I grant the I.G.'s motion for summary disposition, and sustain the determination of the I.G. to exclude Petitioner from participation in Medicare, Medicaid, and all federal health care programs for a minimum period of five years.(1) I find that a basis exists for Petitioner's exclusion pursuant to section 1128(a)(1) of the Social Security Act (Act). I further find that the I.G.'s exclusion for a minimum period of five years is mandatory.

I. Background

By letter dated February 28, 2001, the I.G. notified Petitioner that he was being excluded from participation in Medicare, Medicaid, and all federal health care programs for a period of five years. The I.G. imposed this exclusion pursuant to section 1128(a)(1) of the Act, based on Petitioner's conviction in the State of Michigan, Third Judicial Circuit Court, Wayne County, for a criminal offense related to the delivery of an item or service under the Medicaid program.(2)

By letter dated March 27, 2001, Petitioner requested a hearing before an administrative law judge (ALJ). The case was assigned to me for hearing and decision.

On May 14, 2001, I convened a prehearing telephone conference. During the conference, Petitioner advised of his efforts to retain legal counsel.(3) Petitioner further suggested that a briefing schedule be established. With the parties' agreement, a briefing schedule was established.

On June 25, 2001, the I.G. submitted her brief (I.G. Br.), which was accompanied by four proposed exhibits (I.G. Exs. 1-4). Petitioner's response brief (P. Br.) was submitted on November 20, 2001. The I.G. did not file a reply brief. Petitioner did not object to my receiving into evidence the I.G.'s proposed exhibits, and therefore, I receive into evidence I.G. Exs. 1-4. I base my decision in this case on the parties' arguments, the exhibits, and the applicable law.

II. Applicable Law

Sections 1128(a)(1) and 1128(c)(3)(B) of the Act make it mandatory for any individual who has been convicted of a criminal offense related to the delivery of an item or service under Medicare or Medicaid to be excluded from participation in such programs for a minimum period of five years.

III. Issues, findings of fact and conclusions of law

A. Issues

The issue in this case is whether a basis exists to exclude Petitioner.

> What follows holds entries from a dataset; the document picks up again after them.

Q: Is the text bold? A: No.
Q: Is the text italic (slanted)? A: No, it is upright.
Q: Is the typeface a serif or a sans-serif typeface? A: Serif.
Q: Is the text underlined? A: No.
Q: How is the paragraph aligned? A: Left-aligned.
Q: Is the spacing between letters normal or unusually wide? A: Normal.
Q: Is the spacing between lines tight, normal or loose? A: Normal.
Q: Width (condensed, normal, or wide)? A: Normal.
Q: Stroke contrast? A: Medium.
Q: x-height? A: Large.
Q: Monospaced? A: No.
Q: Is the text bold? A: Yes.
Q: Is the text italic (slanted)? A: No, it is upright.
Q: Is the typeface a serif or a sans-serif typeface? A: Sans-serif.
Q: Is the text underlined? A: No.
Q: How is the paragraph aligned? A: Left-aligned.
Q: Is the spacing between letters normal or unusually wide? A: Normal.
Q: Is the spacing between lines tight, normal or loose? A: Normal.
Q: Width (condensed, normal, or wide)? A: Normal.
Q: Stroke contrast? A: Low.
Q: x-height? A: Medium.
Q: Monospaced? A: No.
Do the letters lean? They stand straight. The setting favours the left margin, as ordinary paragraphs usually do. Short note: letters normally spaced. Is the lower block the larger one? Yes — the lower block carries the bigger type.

B. Findings of fact and conclusions of law

I make findings of fact and conclusions of law (Findings) to support my decision in this case. I set forth each Finding below as a separate heading. I discuss each Finding in detail.

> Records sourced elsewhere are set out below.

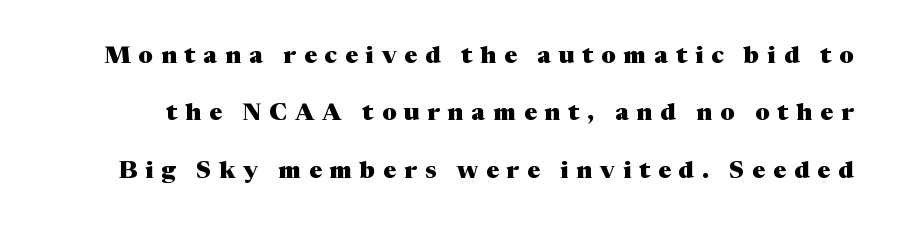
{"italic": "no", "bold": "yes", "underline": "no", "line_spacing": "loose", "line_spacing_ratio": 2.39, "letter_spacing": "wide", "letter_spacing_em": 0.33, "glyph_px": 24}
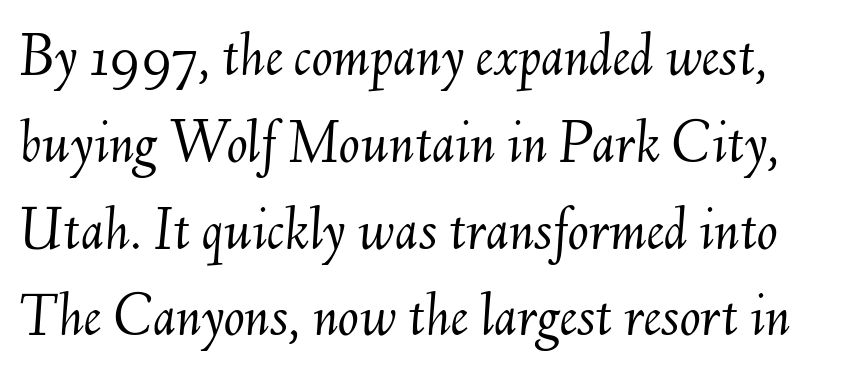
The passage shown stacks its lines at a standard gap. Is this a fixed-width face? No — the glyphs have proportional, varying widths. The letters are slanted; this is an italic face. The cut favours lightness, reaching ordinary text weight at its darkest.
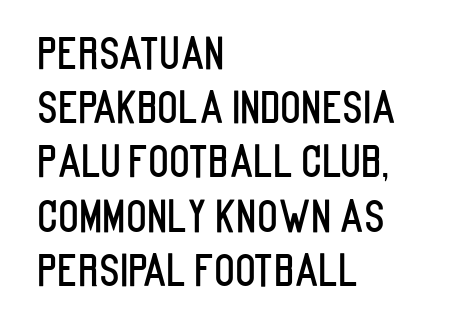
Q: Is the text italic (slanted)? A: No, it is upright.
Q: Is the typeface a serif or a sans-serif typeface? A: Sans-serif.
Q: Is the text underlined? A: No.
Q: How is the paragraph aligned? A: Left-aligned.
Q: Is the spacing between letters normal or unusually wide? A: Normal.
Q: Is the spacing between lines tight, normal or loose? A: Normal.
Q: Width (condensed, normal, or wide)? A: Condensed.
Q: Stroke contrast? A: Low.
Q: x-height? A: Large.
Q: Monospaced? A: No.
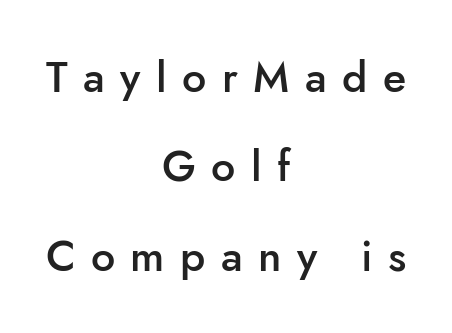
Q: Is the text bold? A: Semi-bold.
Q: Is the text italic (slanted)? A: No, it is upright.
Q: Is the typeface a serif or a sans-serif typeface? A: Sans-serif.
Q: Is the text underlined? A: No.
Q: How is the paragraph aligned? A: Centered.
Q: Is the spacing between letters normal or unusually wide? A: Unusually wide.
Q: Is the spacing between lines tight, normal or loose? A: Loose.
Q: Width (condensed, normal, or wide)? A: Normal.
Q: Stroke contrast? A: Low.
Q: x-height? A: Small.
Q: Monospaced? A: No.

1. Summary disposition is appropriate in this case.

Petitioner opposes the I.G.'s motion for summary disposition and petitioned for an in-person hearing. I find that there are no disputed issues of material fact and, consequently, summary disposition is appropriate.

Petitioner stipulates that he was excluded from Medicaid participation by the I.G., and that the exclusion was based upon his conviction for Medicaid fraud. P. Br. at 1. Petitioner does argue that:

1. circumstances exist which make the five-year exclusion unreasonable;

2. his exclusion should be "based upon the permissive exclusion provisions of the Act . . . [and] eliminated or reduced to three years or less;" and

3. Petitioner should be given the opportunity to offer such proof at an in-person hearing.

Id. at 2. However, as I discuss below, at Finding 2, none of these alleged circumstances are relevant to the issue of whether a basis exists for the exclusion. Consequently, no basis exists for me to give Petitioner a hearing as to these alleged facts.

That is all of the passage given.